RECORDS SHOWN

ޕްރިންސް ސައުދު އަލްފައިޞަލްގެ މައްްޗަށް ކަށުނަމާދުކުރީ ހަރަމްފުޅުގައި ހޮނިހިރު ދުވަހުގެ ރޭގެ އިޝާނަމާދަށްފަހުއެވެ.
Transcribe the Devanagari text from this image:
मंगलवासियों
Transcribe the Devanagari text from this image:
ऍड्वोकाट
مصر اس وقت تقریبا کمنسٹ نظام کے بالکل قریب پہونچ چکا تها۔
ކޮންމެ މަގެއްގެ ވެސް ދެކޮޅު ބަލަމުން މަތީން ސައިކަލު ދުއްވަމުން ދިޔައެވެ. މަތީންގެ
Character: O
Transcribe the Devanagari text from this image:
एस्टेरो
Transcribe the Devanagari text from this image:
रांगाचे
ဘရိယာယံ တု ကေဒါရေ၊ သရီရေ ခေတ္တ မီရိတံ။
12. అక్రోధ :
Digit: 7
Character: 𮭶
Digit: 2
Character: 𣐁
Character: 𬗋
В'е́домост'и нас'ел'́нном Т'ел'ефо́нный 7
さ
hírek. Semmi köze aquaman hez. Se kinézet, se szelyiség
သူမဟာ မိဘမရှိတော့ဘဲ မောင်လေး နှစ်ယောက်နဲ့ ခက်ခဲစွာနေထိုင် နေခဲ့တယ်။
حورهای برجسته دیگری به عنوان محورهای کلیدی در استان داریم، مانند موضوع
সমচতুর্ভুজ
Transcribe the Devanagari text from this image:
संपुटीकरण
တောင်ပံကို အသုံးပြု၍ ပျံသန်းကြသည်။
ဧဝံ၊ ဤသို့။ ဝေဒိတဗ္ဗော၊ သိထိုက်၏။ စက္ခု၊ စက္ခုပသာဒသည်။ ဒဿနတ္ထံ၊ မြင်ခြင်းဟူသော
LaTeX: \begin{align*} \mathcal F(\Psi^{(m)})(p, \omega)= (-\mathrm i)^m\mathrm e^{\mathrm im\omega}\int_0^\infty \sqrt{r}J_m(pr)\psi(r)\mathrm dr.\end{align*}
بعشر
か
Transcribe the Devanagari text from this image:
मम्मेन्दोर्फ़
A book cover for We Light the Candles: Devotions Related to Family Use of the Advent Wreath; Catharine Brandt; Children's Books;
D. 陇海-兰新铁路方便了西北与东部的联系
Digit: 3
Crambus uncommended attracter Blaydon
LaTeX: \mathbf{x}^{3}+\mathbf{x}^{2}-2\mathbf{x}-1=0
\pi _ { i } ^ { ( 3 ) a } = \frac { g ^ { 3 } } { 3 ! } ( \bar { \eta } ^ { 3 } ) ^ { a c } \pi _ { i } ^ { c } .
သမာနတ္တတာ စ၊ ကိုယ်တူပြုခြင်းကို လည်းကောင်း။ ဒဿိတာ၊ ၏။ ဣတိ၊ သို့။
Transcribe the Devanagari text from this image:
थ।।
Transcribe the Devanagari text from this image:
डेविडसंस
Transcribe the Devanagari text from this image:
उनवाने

* * *

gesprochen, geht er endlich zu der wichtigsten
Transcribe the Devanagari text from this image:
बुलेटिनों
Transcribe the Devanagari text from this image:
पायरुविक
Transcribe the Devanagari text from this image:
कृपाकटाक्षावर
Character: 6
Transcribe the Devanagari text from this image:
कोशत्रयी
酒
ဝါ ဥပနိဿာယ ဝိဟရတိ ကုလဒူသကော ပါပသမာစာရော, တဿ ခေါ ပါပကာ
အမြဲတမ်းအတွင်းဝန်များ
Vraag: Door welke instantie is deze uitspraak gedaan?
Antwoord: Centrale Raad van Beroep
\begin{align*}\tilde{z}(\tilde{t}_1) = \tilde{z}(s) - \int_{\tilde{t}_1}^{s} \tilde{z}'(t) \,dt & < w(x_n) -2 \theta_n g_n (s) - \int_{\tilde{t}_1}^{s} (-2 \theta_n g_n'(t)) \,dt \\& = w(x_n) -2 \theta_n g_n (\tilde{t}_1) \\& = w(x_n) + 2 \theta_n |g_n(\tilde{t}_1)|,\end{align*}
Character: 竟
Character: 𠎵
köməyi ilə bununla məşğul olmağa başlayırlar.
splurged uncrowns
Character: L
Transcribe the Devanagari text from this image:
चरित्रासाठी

---

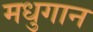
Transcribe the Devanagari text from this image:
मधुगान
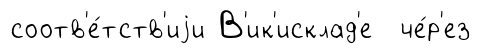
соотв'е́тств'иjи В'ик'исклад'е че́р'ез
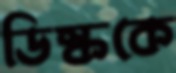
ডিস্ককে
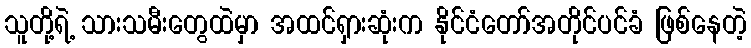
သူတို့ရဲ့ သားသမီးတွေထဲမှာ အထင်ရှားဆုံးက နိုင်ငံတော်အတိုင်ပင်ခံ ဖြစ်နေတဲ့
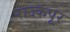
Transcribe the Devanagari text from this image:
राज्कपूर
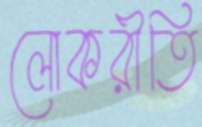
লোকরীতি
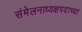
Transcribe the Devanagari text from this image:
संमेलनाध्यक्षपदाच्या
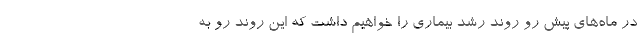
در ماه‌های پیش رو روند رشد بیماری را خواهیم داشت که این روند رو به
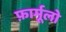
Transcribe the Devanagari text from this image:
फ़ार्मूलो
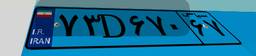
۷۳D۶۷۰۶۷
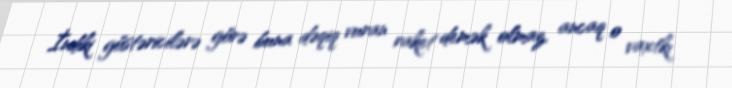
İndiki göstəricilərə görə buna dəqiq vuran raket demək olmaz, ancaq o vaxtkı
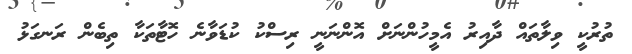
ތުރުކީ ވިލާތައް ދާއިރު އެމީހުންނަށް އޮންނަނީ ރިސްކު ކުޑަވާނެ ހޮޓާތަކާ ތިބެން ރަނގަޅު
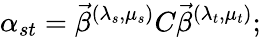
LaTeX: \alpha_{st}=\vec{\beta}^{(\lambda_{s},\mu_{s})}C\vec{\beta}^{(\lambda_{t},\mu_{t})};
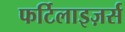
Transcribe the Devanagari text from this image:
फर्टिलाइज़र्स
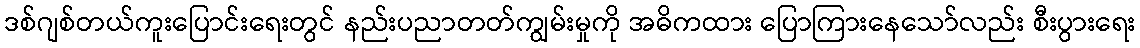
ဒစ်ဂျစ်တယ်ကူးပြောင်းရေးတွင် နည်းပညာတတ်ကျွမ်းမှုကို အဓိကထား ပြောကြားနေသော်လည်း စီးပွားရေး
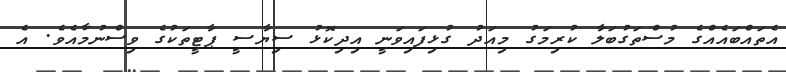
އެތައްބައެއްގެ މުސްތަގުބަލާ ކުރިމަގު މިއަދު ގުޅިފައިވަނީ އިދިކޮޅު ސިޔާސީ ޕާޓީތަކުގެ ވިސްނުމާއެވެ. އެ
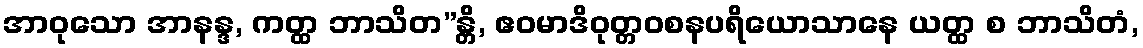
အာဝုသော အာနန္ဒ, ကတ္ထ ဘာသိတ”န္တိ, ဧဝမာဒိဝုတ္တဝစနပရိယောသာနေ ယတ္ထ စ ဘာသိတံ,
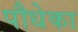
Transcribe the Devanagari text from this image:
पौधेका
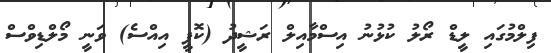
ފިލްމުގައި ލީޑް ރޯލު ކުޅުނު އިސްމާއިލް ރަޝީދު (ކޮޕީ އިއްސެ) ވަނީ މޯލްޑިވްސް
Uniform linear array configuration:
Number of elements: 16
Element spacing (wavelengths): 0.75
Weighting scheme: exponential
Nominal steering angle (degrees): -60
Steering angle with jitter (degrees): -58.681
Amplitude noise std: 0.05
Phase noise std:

THE TASK
If a line in the material holds "noise", copy it.

WRITTEN ANSWER
Amplitude noise std: 0.05
Phase noise std:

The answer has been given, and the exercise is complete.